An industry landscape in which component supply and demand were in lockstep feels like a lifetime ago. The global chip shortage, which took hold as the world slipped into lockdowns at the height of COVID-19 had a serious impact on the supply of goods in all kinds of sectors – from entertainment to automotive.
But as this tide started to recede, another was rising in the form of AI. Generative AI is all the rage and various industries are desperate to get in on the action, but running large language models (LLMs) requires a monumental amount of computing power. These come in the form of GPUs, with Nvidia being the current industry leader. ChatGPT, for example, was powered with Nvidia A100 chips when it launched, and the firm has since doubled down with the launch of the H100 and H200 chips, as part of a roadmap of annual releases.
Unprecedented demand has given way to a shortage in GPUs, however, meaning businesses clamoring for the hardware to run AI workloads are stuck in a void – waiting for supply to become available. But what if those businesses were to, instead, consider using the best CPUs instead? They're more than just a viable alternative, according to Alex Babin, CEO of Zero Systems. In conversation with TechRadar Pro, he outlines exactly what your business needs to look out for when selecting CPUs for AI training and inference, and why they might make a reasonable stopgap until costly and in-demand GPUs become a little more accessible again.
Alex, you posit that the CPU can be used as a substitute for GPU when it comes to AI training and inference. Can you develop your thoughts and explain how you came to this conclusion?
Depending on business needs and application requirements, CPUs can perform inference with specific LLMs, such as llama.cpp libraries, which decrease the resolution of numeric weights to simplify LLMs.
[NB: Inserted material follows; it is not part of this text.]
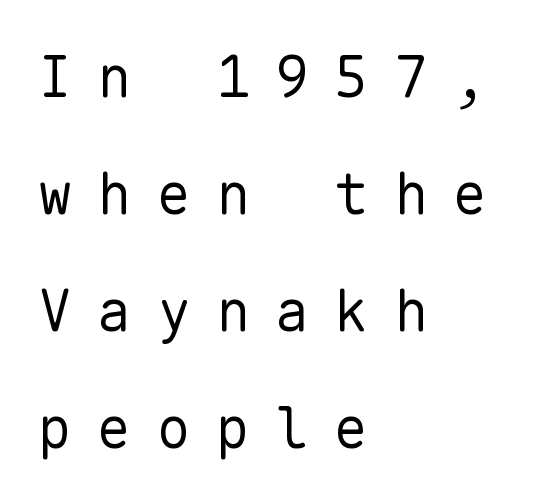
{"serif": "no", "italic": "no", "bold": "no", "weight": "regular", "width": "normal", "stroke_contrast": "low", "x_height": "medium", "monospaced": "yes", "underline": "no", "align": "left", "line_spacing": "loose", "line_spacing_ratio": 2.05, "letter_spacing": "wide", "letter_spacing_em": 0.44, "glyph_px": 57}

The training portion of the AI development with LLM typically requires GPUs, but there are composite implementations of end-to-end solutions that have models that are trained on CPU. For instance, prediction engines are algorithmic and not driven by transformer architecture.
When deploying very large models, the ideal situation is to fit the model on a single GPU. This is the best option with respect to performance as it eliminates the overhead of communication between GPU devices. For some models, it is simply impossible to fit them on a single GPU due to model size. For other models, they may fit on a single GPU, but it may be more cost-effective to partition the model across multiple cheaper GPUs.
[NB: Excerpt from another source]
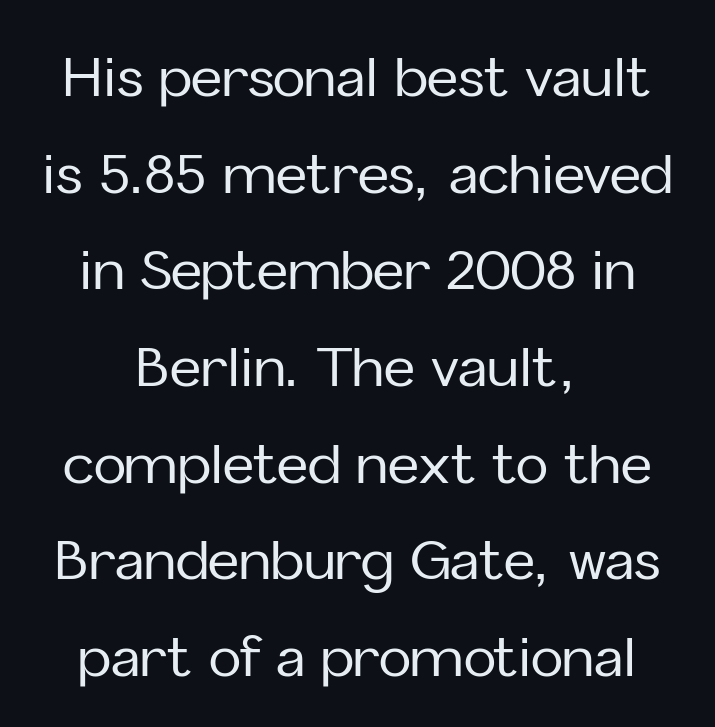
Observe the absence of serifs on each vertical stroke in this sample. Short note: letters normally spaced. Tall strokes in this sample are plumb rather than angled. Plain, unruled lines of type. The rendering uses natural spacing where letterforms have individual widths. Where is the straight margin? There isn't one; the lines are centered.

Given that some business use cases are not dependent on real-time inference, several CPUs can be deployed to process the data overnight or during weekends and continue with downstream processing during regular business hours.
What sort of CPU are we talking about? x86, Arm, Risc-V? High core counts? Pure CPU vs APU/CPU + FPGA?
For inference, x86 CPUs with high core counts (+90), such as Intel Xeon with Gaudi accelerators. For other CPU types to become as pervasive as x86 it will take some time. Intel has the know-how and the engineering strength to articulate and execute a robust strategy in order to maintain its market position. Having said that, the ARM and RISC-V architectures are quick to adapt to new market needs, but these architectures may not have (yet) the full developer support needed for large-scale adoption. Libraries and configurations as well as management tools need to be developed, adapted, and rolled out together with specifications for taking advantage of the flexibility of ARM and RISC-V. For other CPU types to become as pervasive as x86 it will take some time. Intel has the know-how and the engineering strength to articulate and execute a robust strategy to maintain its market position. Having said that, the ARM and RISC-V architectures are quick to adapt to new market needs, but these architectures may not have (yet) the full developer support needed for large-scale adoption. Libraries and configurations as well as management tools need to be developed, adapted, and rolled out together with specifications for taking advantage of the flexibility of ARM and RISC-V.
You told me that CPUs have the potential to become much more competitive in the AI training segment with extremely large data volumes. How come?
There are several drivers for this. First, specialized models require fewer parameters than typical LLMs and this decreases the pressure on GPU compute type. Second, new approaches are being developed to enable training with simplified LLMs, such as Llama-2. Third, CPU providers are laser-focused on providing alternatives to GPUs with accelerators as well as memory and networking. Fourth, new chip types on Arm are taking some of the pressure off from GPUs, such as Trainium from AWS.
While it is true that the GPU is at the heart of the GAI revolution we've experienced over the past year or so, there are a number of serious challengers (e.g. D-Matrix, Cerebras). Will the CPU with its legacy architecture still have a chance against them?
Given the high market demand for compute training needs, the competitive landscape evolves rapidly, and new players are bringing platforms and frameworks into the fold. However, many of the new players do not have the developer community enabled and this will delay adoption. Meanwhile, existing providers, such as AMD have already come with a new GPU platform that looks promising (MI300).
What can the current crop of CPUs do to compete better with GPUs at inference and training?
They need to focus on end-to-end developer experience within the existing compute footprint. Existing providers need to engage with the ML community and have platforms that work within the existing GPU environment. They also need to come up with specific guidelines when CPU performance relative to cost is advantageous compared to GPUs.